(Input)
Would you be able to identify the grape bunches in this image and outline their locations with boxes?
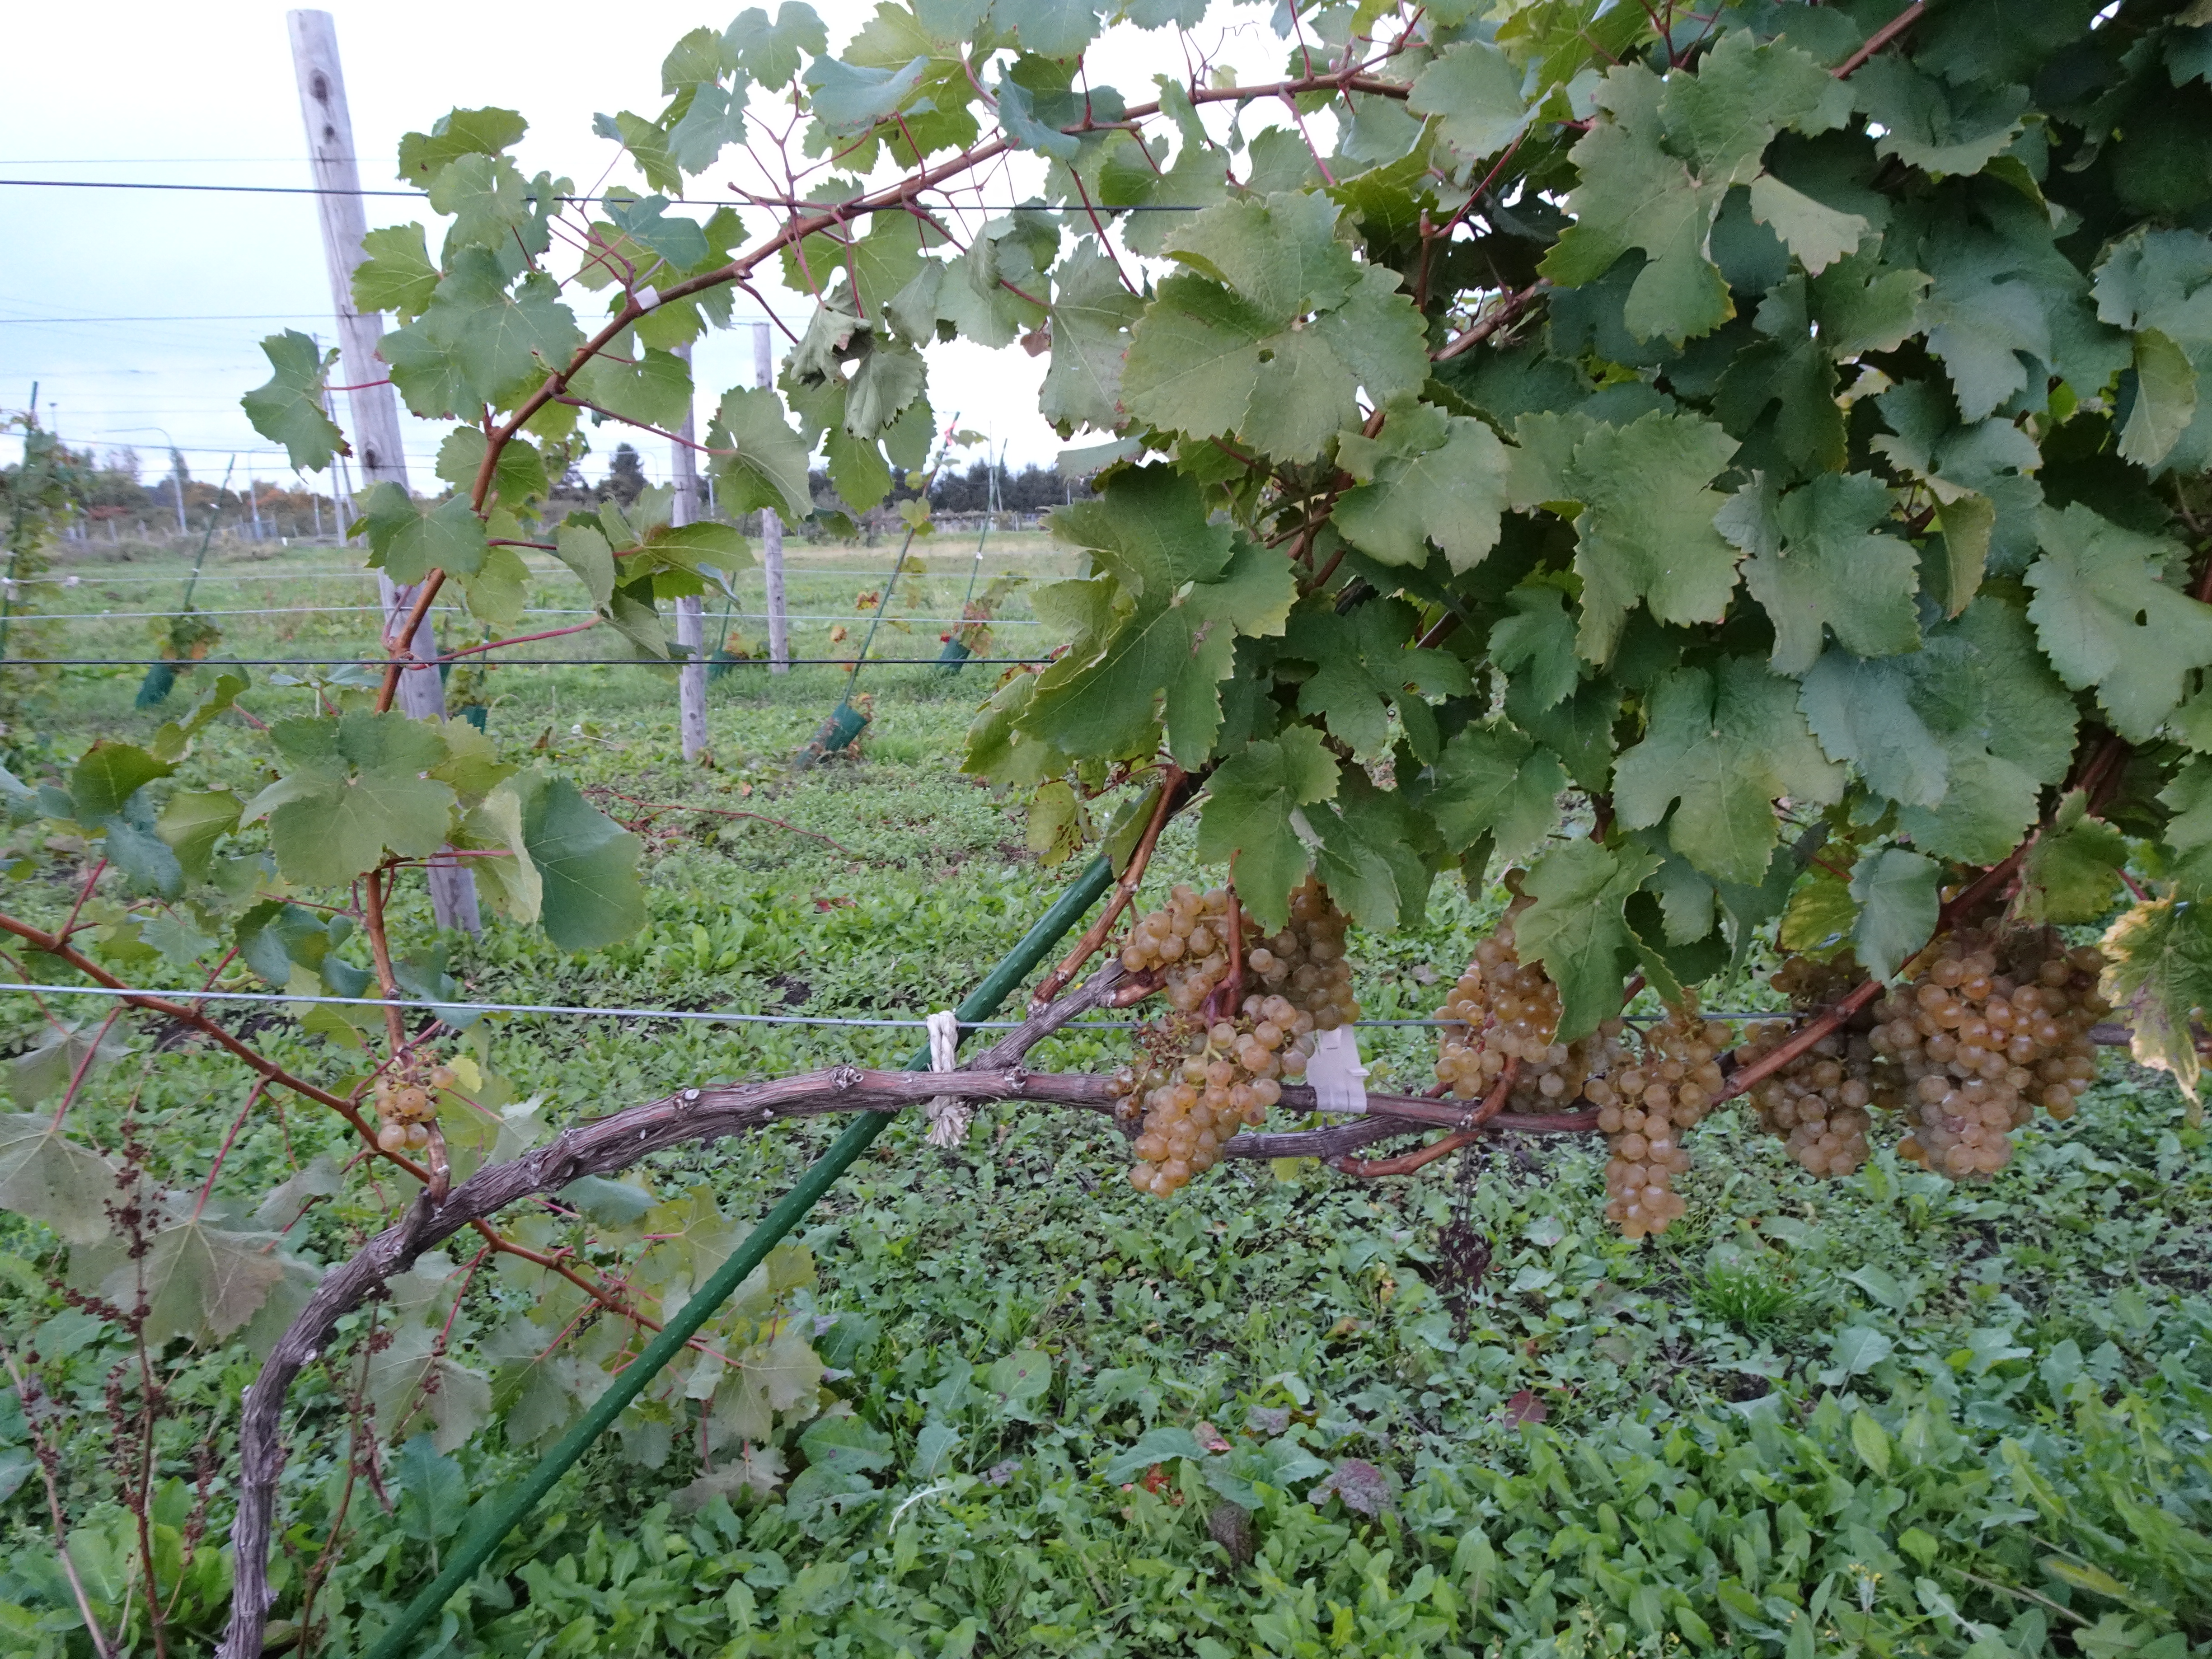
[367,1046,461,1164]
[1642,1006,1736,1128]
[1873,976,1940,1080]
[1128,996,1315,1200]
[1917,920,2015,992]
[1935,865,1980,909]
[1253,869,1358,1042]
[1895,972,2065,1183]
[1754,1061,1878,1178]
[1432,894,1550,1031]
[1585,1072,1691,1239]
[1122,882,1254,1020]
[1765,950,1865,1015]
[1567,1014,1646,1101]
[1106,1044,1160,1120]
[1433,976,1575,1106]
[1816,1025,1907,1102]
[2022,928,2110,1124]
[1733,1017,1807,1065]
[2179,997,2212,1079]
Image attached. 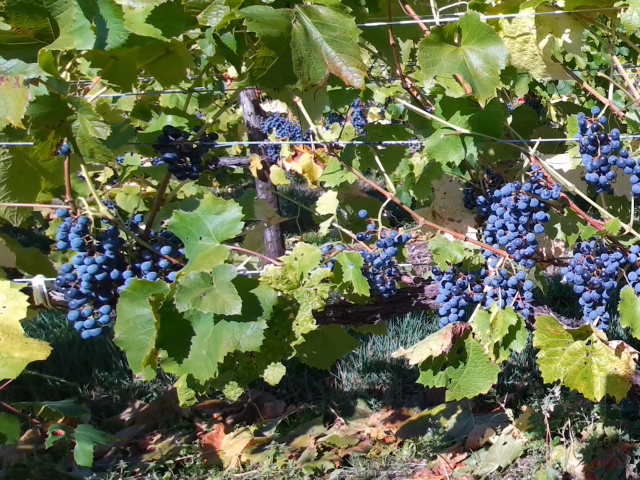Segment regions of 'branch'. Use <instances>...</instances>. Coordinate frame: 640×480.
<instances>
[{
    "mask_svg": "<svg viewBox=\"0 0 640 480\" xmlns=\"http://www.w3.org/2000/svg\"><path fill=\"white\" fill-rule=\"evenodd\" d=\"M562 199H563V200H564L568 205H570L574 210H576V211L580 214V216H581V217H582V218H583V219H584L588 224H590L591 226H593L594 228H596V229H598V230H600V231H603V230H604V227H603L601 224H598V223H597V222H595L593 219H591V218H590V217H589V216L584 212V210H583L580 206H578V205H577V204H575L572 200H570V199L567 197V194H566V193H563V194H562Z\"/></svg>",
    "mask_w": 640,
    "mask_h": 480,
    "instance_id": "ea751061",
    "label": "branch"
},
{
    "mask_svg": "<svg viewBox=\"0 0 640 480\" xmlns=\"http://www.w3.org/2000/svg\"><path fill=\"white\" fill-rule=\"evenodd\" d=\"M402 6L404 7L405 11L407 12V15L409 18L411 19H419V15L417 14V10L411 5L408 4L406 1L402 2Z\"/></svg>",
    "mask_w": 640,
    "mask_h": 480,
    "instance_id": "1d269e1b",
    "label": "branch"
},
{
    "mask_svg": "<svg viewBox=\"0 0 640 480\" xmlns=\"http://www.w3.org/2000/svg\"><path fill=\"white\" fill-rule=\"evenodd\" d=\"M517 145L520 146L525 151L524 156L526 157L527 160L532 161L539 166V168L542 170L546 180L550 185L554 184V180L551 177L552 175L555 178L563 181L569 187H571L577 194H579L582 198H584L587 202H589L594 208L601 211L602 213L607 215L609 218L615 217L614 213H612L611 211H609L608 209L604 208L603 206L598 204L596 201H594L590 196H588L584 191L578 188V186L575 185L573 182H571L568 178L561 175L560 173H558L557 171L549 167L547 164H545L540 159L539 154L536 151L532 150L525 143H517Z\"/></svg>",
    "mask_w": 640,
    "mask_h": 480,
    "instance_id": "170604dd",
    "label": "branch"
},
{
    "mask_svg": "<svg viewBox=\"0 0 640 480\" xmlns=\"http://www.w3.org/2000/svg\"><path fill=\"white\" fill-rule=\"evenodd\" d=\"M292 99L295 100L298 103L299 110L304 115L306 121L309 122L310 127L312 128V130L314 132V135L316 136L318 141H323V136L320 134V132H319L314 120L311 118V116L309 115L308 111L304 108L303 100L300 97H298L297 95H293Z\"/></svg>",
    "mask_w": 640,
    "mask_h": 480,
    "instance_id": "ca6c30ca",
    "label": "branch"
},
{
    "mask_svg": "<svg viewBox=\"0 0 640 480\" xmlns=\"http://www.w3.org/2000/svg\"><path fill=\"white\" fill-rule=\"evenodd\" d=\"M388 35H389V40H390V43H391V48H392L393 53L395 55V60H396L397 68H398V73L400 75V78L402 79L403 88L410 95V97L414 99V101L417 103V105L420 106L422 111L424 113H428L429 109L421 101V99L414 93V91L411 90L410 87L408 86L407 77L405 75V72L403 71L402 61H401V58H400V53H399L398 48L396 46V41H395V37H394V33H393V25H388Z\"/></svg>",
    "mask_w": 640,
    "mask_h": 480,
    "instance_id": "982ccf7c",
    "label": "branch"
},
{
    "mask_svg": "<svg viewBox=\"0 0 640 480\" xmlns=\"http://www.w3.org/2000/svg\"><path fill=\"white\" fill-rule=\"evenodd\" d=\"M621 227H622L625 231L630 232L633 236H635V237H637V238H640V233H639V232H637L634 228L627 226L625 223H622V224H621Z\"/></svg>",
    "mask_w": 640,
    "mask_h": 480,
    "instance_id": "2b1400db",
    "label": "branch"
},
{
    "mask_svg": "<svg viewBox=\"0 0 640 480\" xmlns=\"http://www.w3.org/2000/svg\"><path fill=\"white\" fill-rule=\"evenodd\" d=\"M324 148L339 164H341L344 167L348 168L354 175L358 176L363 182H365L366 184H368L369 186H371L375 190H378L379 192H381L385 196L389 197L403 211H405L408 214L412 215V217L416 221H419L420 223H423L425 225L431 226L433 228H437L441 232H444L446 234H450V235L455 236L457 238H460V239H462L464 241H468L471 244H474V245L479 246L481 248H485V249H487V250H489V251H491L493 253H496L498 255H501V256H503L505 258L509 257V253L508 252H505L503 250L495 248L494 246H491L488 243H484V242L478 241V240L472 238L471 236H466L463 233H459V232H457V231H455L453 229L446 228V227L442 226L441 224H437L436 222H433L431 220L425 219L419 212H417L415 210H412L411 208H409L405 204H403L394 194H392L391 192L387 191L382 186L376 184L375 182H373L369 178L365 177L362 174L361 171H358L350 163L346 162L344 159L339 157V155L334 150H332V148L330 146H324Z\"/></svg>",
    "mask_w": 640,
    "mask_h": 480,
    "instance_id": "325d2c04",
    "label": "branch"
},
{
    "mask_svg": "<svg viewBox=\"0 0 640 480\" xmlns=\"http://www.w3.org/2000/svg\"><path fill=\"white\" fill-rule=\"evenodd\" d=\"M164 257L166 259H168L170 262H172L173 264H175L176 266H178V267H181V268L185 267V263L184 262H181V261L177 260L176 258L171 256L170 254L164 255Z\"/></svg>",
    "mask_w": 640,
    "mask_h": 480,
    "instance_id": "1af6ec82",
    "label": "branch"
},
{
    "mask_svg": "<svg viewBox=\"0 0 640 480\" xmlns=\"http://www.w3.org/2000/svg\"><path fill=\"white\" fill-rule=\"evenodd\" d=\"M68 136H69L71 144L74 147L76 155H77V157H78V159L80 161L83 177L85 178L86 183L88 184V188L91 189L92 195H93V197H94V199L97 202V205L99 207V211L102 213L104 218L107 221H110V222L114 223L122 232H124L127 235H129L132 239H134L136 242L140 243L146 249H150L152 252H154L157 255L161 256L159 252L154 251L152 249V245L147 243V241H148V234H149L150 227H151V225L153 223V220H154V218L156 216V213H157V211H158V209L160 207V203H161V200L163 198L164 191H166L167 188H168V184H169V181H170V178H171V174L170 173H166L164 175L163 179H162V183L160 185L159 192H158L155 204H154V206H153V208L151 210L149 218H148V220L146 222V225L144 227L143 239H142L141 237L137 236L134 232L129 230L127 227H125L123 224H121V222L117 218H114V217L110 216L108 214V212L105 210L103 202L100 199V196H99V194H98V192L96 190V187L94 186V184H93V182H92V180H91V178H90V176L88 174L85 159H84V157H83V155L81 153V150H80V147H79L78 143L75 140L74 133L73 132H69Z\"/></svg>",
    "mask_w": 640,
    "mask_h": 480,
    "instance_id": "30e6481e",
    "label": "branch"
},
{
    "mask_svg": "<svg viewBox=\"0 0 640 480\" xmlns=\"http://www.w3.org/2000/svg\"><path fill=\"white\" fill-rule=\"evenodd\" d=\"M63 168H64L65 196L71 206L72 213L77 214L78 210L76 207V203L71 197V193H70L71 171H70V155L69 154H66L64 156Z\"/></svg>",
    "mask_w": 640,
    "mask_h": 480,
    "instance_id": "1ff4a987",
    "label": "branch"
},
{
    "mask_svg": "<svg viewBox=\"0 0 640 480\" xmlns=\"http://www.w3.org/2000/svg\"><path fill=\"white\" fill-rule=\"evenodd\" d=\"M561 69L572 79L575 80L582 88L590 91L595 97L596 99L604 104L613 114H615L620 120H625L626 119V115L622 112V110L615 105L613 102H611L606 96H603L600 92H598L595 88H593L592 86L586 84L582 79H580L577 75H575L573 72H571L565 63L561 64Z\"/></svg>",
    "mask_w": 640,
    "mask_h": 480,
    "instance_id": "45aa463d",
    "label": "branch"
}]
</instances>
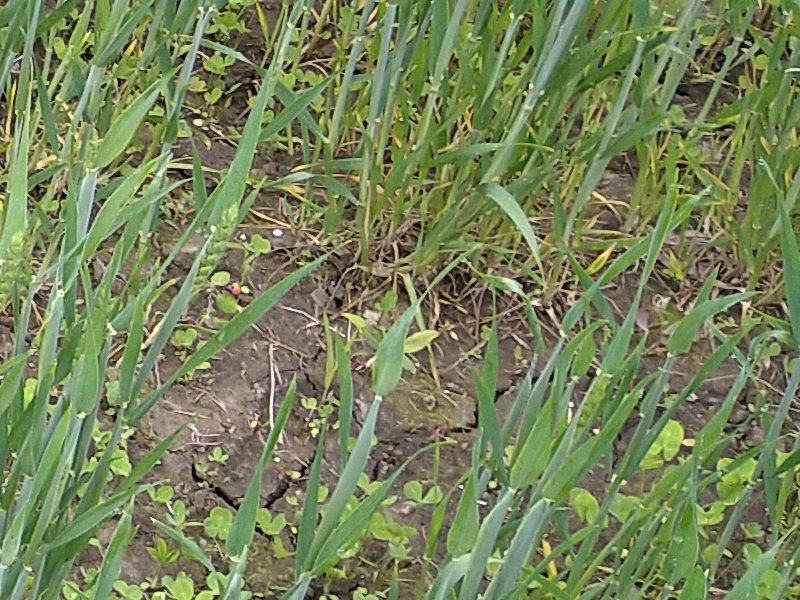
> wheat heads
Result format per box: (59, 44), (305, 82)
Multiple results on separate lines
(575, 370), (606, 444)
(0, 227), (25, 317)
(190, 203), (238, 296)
(End Input)
▸ **Task**:
Nothing but the exact lines of the data above, from the line containing "Multiple results on separate lines" through the last, should appear in the answer.

▸ **Answer to this problem**:
Multiple results on separate lines
(575, 370), (606, 444)
(0, 227), (25, 317)
(190, 203), (238, 296)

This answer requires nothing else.